Spreadsheets make no difference between a column header and a column value.

------
callum85
I've wanted something like this for years. So many times I've tried to use a
Google spreadsheet to store data, because I needed the web-based UI and mobile
access... but it never works out well, because it's just not a relational
database. Airtable seems to get it right.

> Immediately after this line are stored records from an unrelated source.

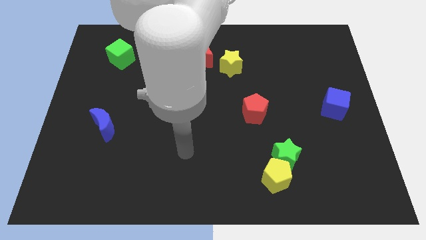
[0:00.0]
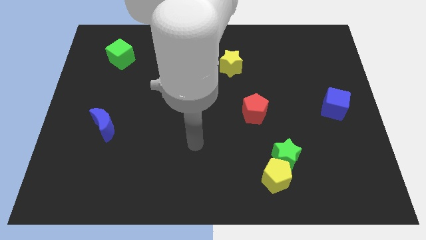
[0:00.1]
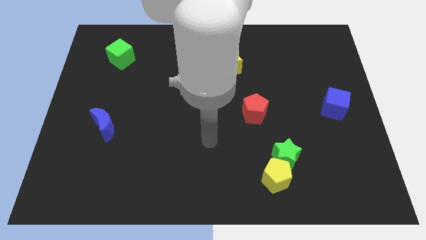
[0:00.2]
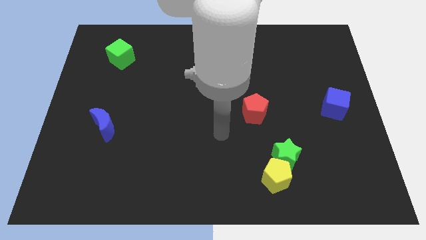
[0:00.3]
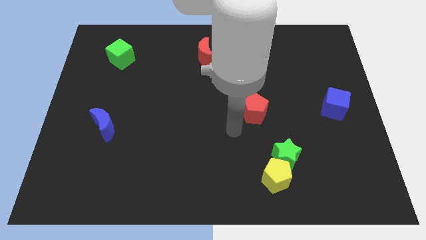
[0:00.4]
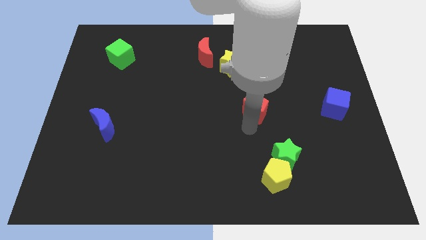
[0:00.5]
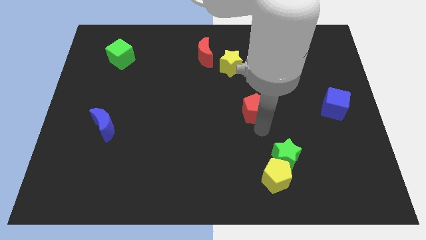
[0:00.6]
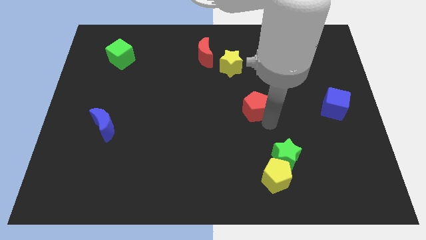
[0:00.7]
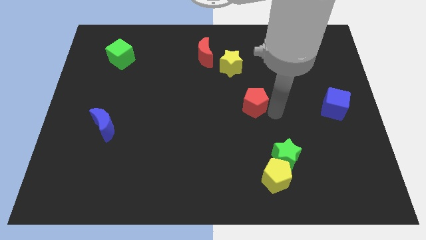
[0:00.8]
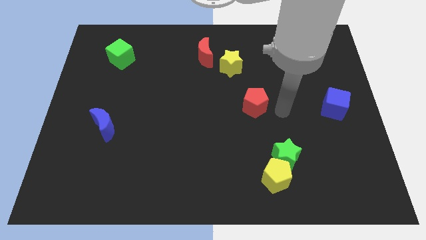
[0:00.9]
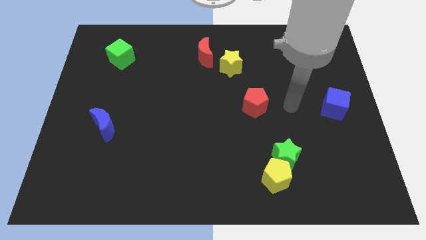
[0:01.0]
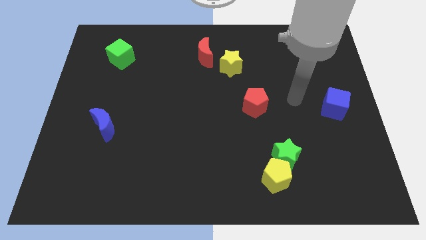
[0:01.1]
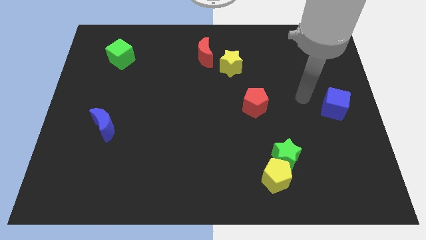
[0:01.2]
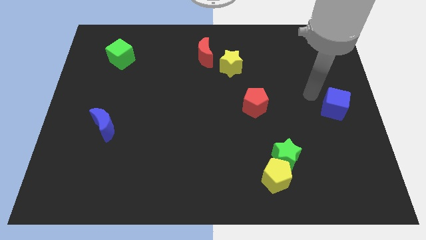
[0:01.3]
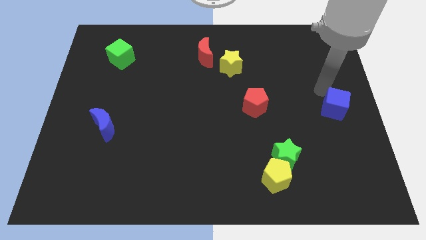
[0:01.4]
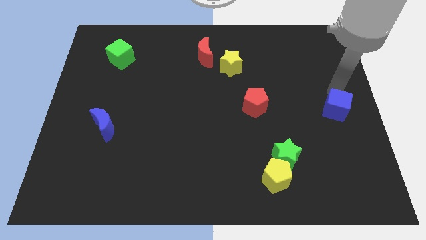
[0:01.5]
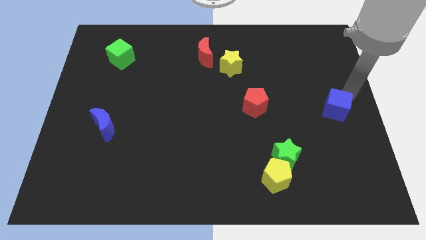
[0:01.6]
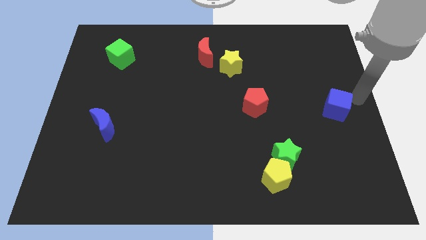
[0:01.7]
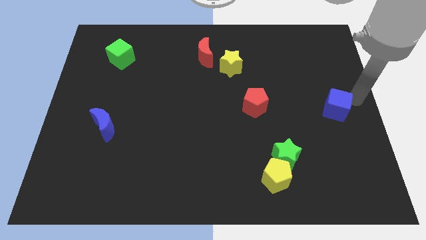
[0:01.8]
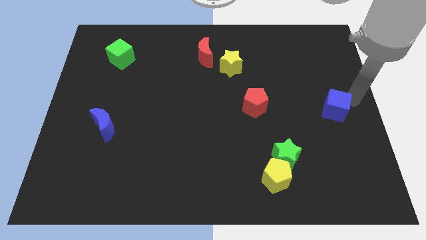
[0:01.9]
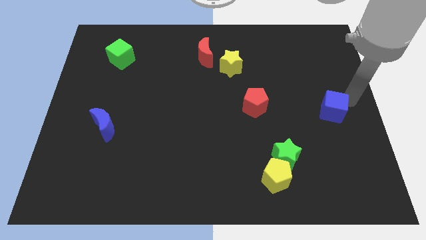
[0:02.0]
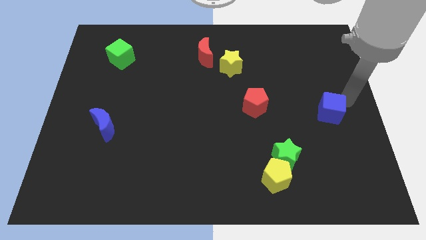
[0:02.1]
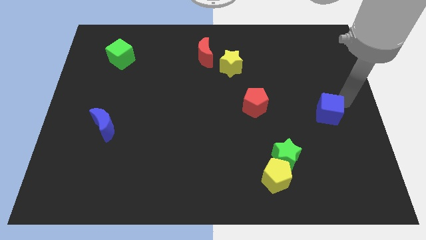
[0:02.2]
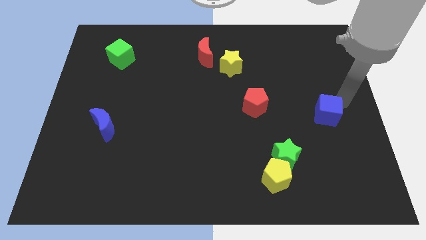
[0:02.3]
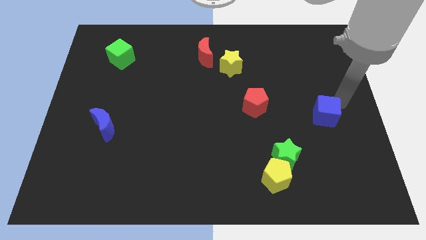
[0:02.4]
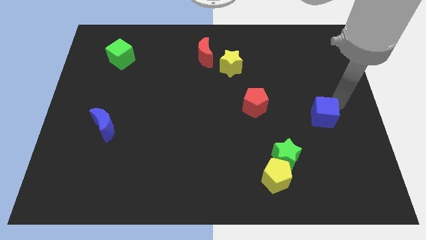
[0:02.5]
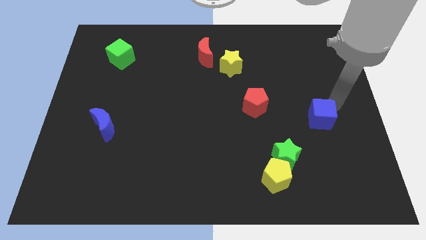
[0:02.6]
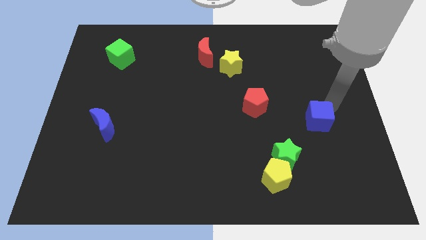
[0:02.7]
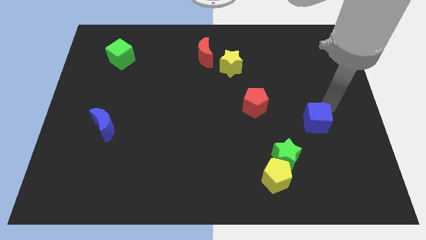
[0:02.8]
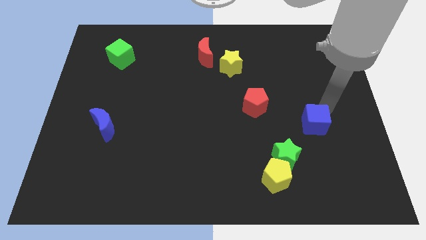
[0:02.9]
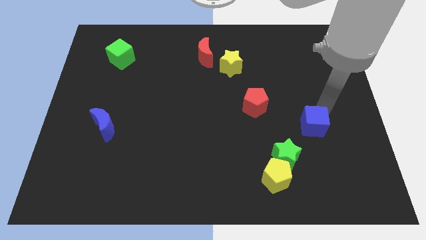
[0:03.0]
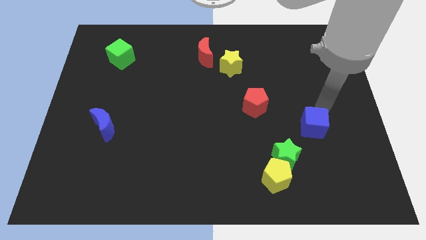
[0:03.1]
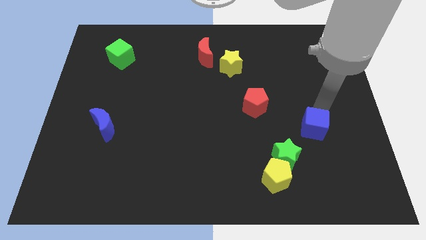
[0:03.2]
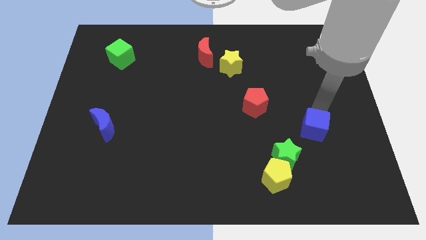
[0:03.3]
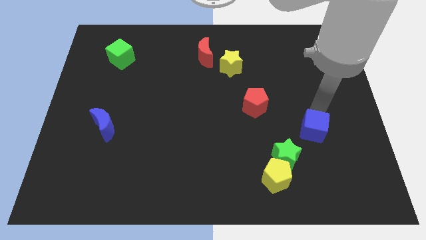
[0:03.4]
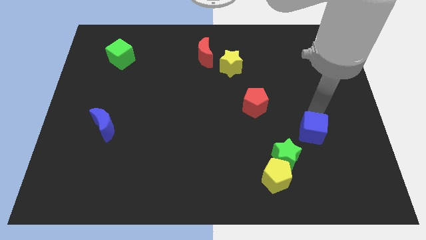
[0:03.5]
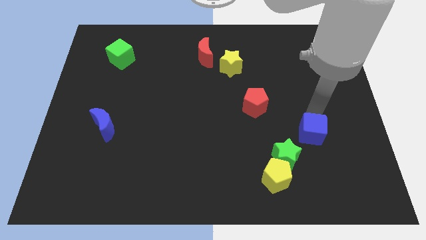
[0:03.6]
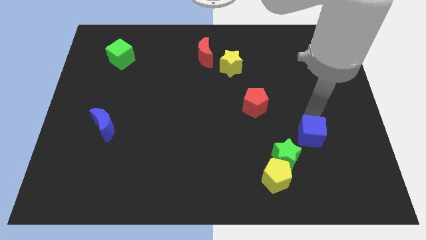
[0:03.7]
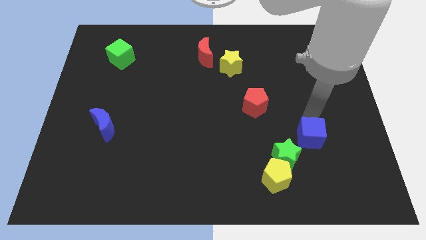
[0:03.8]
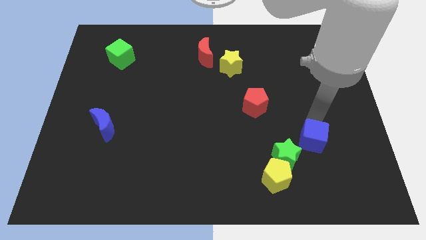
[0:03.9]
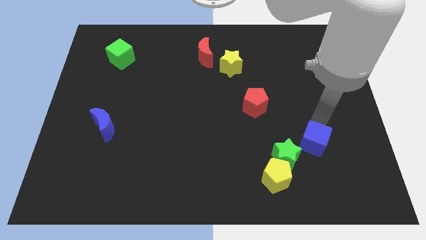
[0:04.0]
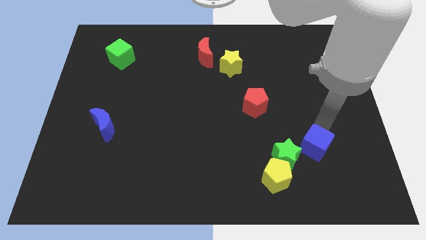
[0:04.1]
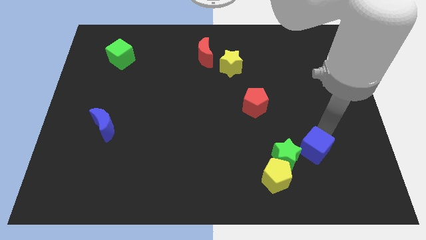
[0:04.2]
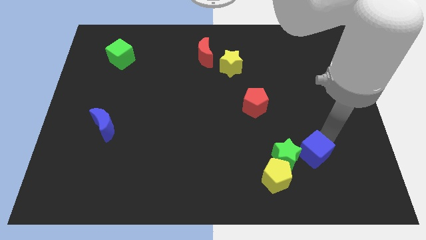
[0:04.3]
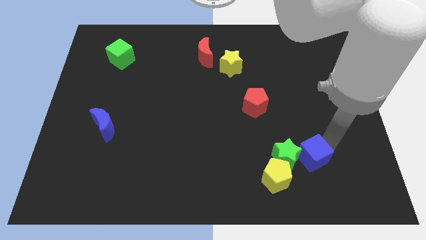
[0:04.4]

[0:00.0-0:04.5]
push the blue cube next to the green star

Also, the API docs being automatically customised per-table is awesome.

------
lifeisstillgood
Kind of ... I think that instant tabulR data of the sort you find in an HDF5
hooked up to distributed backend so my changes and yours are merged managed or
thrown seems the likely "future" solution. If that's anything like aorta me
please shout details

------
noir-york
Can/will airtable support pivot tables?

I love Excel - I wonder how it was possible to analyse a business before it
came along - and the primary reason is pivot tables. Pivot tables are an
awesome tool.

It should be possible to replicate pivot table functionality using SQL
semantics.

------
bliti
When this says generation, what time frame are they referring to? I've been
reading about this sort of thing for the last twenty years. Hasn't happened.
What has happened is people asking for more spreadsheet integrations.

------
kyllo
What drives me crazy is spreadsheets as a reporting / BI tool. Just because
Excel does graphs and charts, and everyone knows how to use Excel, the result
is that everyone only knows how to make graphs and charts in Excel.

------
perfunctory
Looks like it doesn't support any kind of "group by" functionality.